Activation of the proto-oncogene c-myc and c-fos by c-ras: involvement of polyamines.

作者信息

Tabib A, Bachrach U

机构信息

Department of Molecular Biology, Hebrew University, Hadassah Medical School, Jerusalem, Israel.

出版信息

Biochem Biophys Res Commun. 1994 Jul 29;202(2):720-7. doi: 10.1006/bbrc.1994.1990.

Abstract

Rat kidney cells infected with a temperature-sensitive mutant of Kirsten sarcoma virus (Ki-MSV ts 371) expressed Ki-Ras at 37 degrees C but not at 42 degrees C. This expression of the oncogene was accompanied by an increase in the activity of ornithine decarboxylase (ODC) and the accumulation of putrescine.
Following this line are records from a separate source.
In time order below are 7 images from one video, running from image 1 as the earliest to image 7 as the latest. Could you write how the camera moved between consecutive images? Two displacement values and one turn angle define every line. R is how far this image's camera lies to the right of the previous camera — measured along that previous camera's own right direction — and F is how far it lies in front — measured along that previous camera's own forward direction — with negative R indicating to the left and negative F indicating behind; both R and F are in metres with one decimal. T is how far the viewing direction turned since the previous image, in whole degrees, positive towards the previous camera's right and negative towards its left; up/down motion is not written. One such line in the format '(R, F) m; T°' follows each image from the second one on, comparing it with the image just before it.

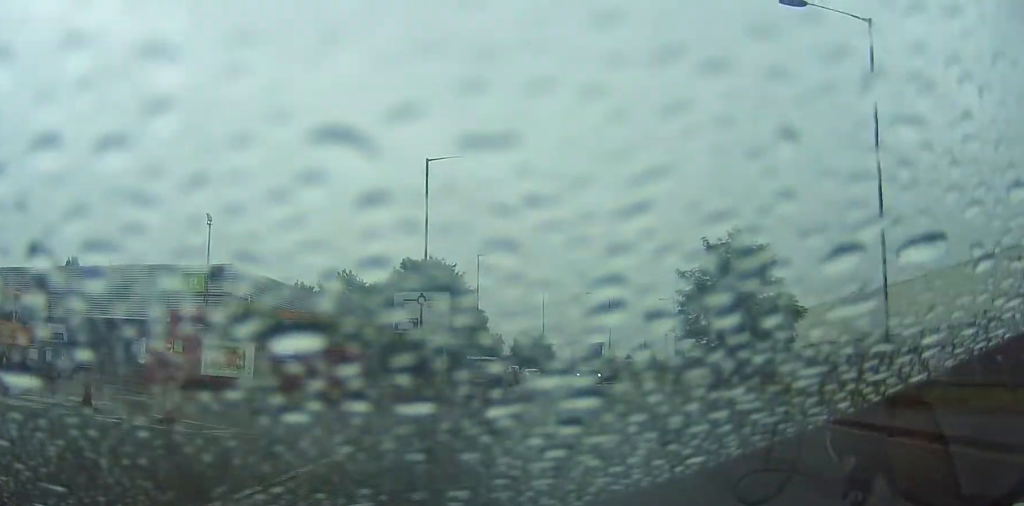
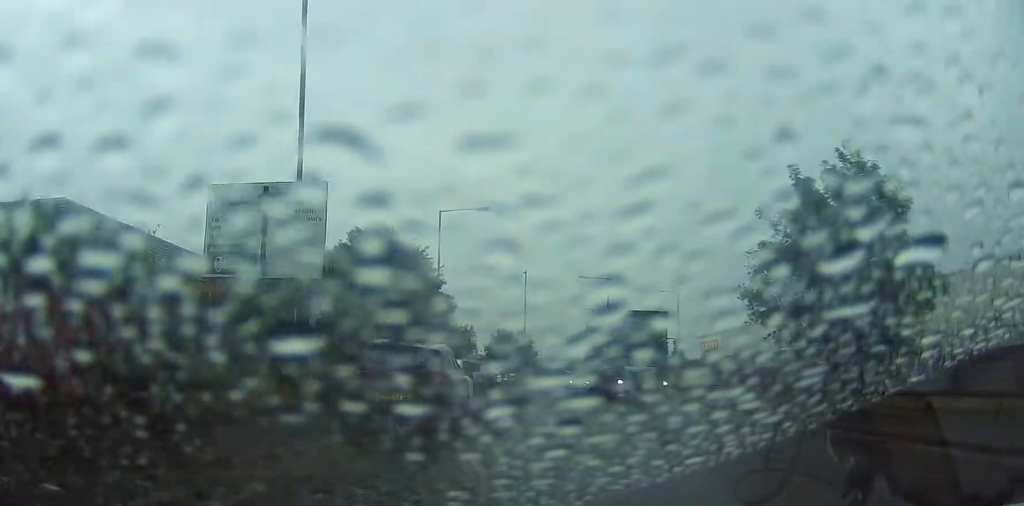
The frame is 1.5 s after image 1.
(+0.8, +15.0) m; +2°
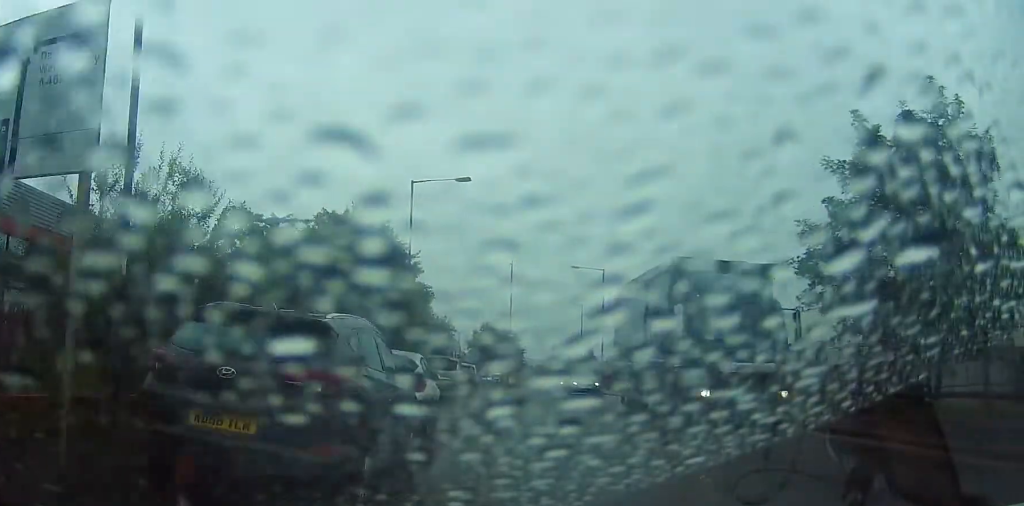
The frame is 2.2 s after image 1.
(-0.3, +6.0) m; -2°
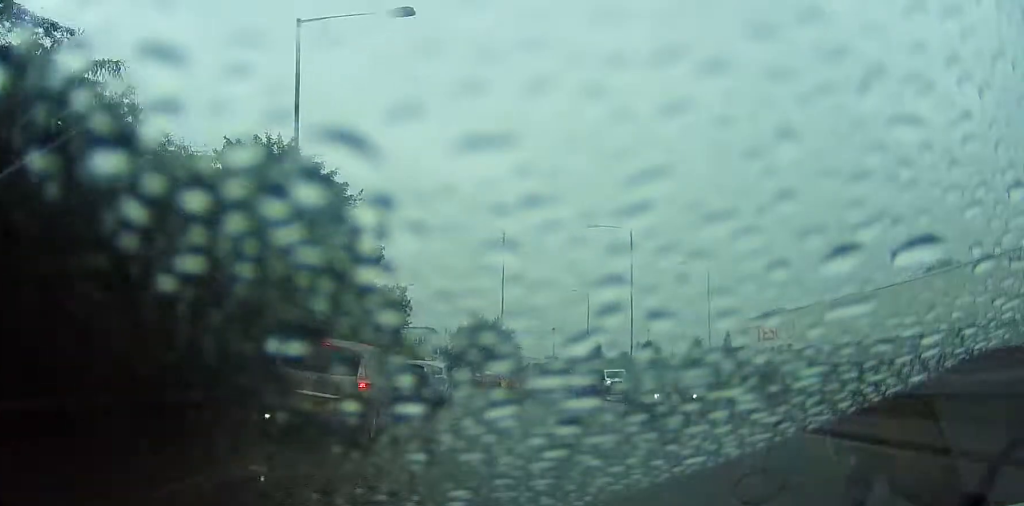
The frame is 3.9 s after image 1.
(0.0, +16.7) m; +2°
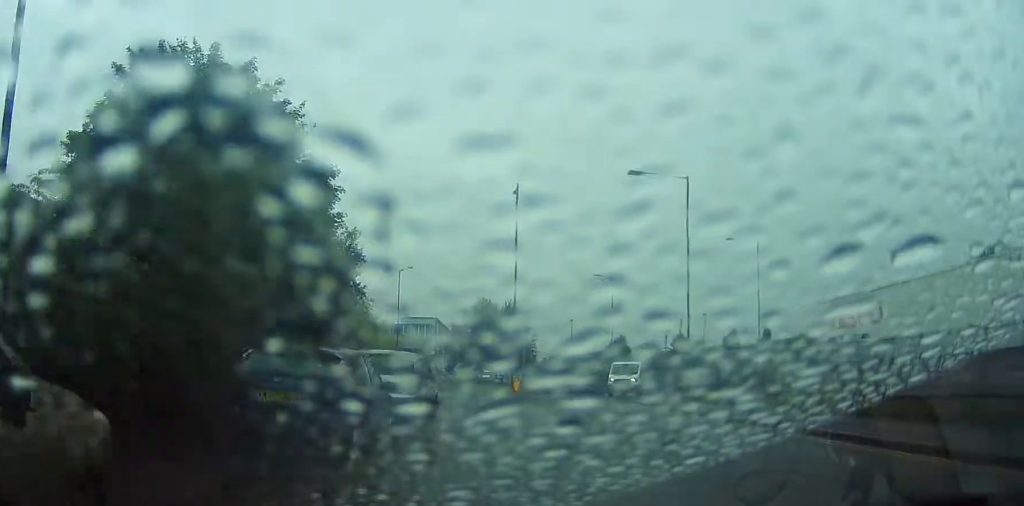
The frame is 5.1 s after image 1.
(+0.2, +10.6) m; 0°
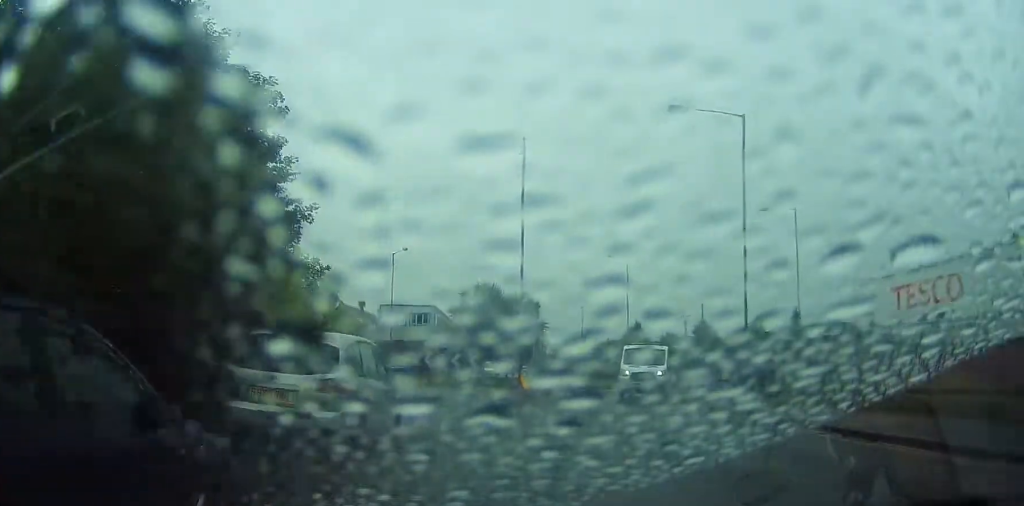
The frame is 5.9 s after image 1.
(-0.1, +6.8) m; -2°
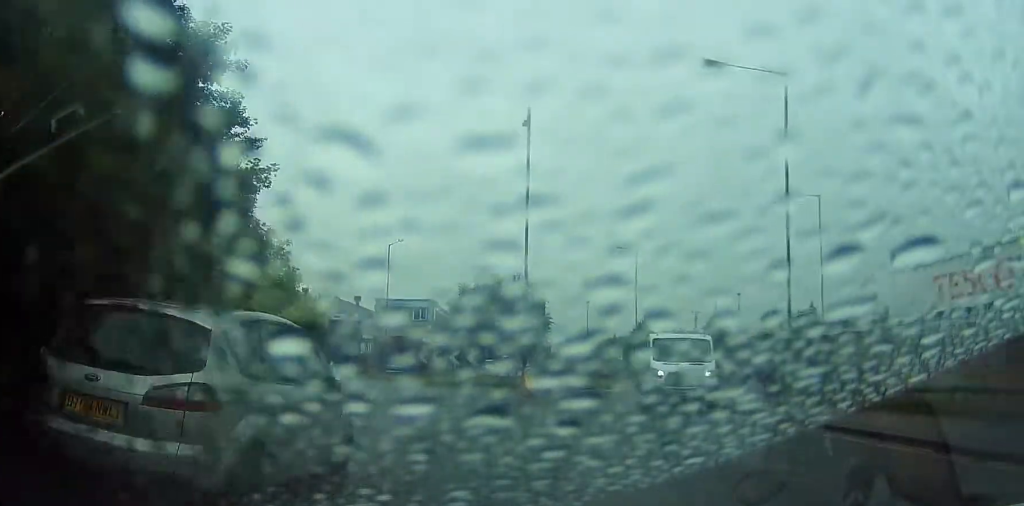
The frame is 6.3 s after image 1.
(0.0, +3.5) m; -1°

Elevation of cellular polyamine content triggered the transcription of c-myc and c-fos. alpha-Difluoromethylornithine, a specific inhibitor of ODC, prevented the transcription of c-myc in cells grown at 37 degrees C. Putrescine, at physiological concentrations, triggered the transcription of c-myc and c-fos in cells grown at 42 degrees C, when Ki-ras was not expressed. It has been suggested that polyamines participate in a cascade of events leading to the communication between membrane-bound and nuclear oncogene products. These findings may attribute a new function to the naturally occurring polyamines.

摘要

感染了柯斯顿肉瘤病毒温度敏感突变体(Ki-MSV ts 371)的大鼠肾细胞在37℃时表达Ki-Ras,而在42℃时不表达。癌基因的这种表达伴随着鸟氨酸脱羧酶(ODC)活性的增加和腐胺的积累。细胞内多胺含量的升高触发了c-myc和c-fos的转录。α-二氟甲基鸟氨酸是ODC的特异性抑制剂,可阻止在37℃生长的细胞中c-myc的转录。在生理浓度下,腐胺在42℃生长的细胞中触发了c-myc和c-fos的转录,此时Ki-ras不表达。有人提出,多胺参与了一系列导致膜结合癌基因产物与核癌基因产物之间通讯的事件。这些发现可能赋予天然存在的多胺一种新功能。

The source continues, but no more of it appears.